◆ **Exercise directions**
Could you please reproduce the entries exactly, leaving out any pictures?

---------- Records for processing

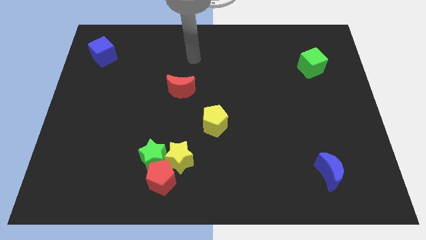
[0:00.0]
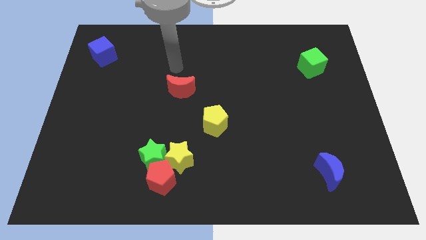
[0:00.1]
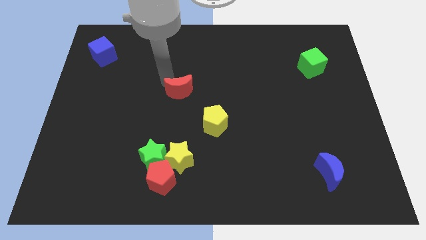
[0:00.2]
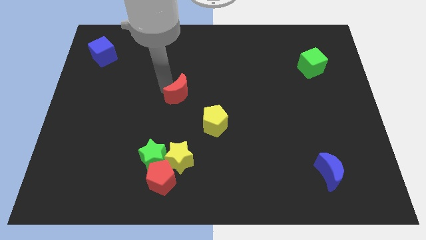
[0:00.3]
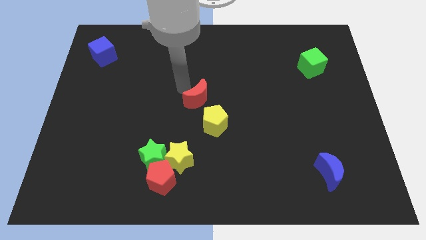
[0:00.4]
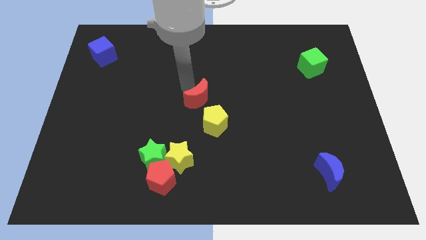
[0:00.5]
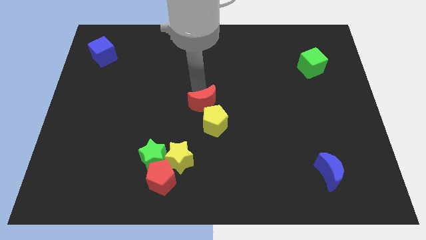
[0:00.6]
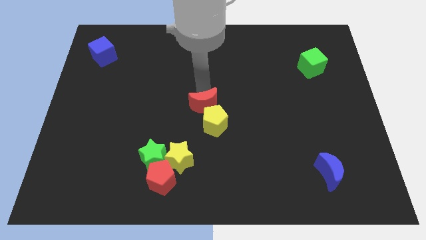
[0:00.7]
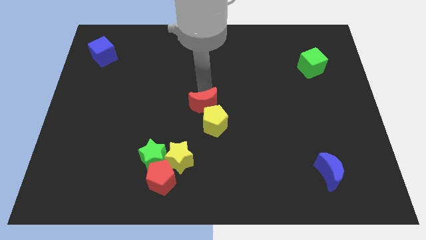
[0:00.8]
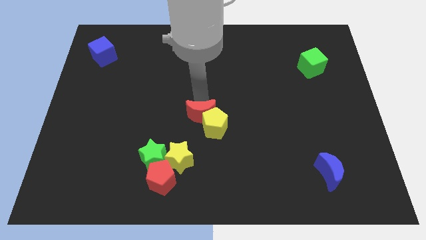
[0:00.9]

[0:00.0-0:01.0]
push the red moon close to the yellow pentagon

--------------------

◆ **Written solution**
[0:00.0]
[0:00.1]
[0:00.2]
[0:00.3]
[0:00.4]
[0:00.5]
[0:00.6]
[0:00.7]
[0:00.8]
[0:00.9]

[0:00.0-0:01.0]
push the red moon close to the yellow pentagon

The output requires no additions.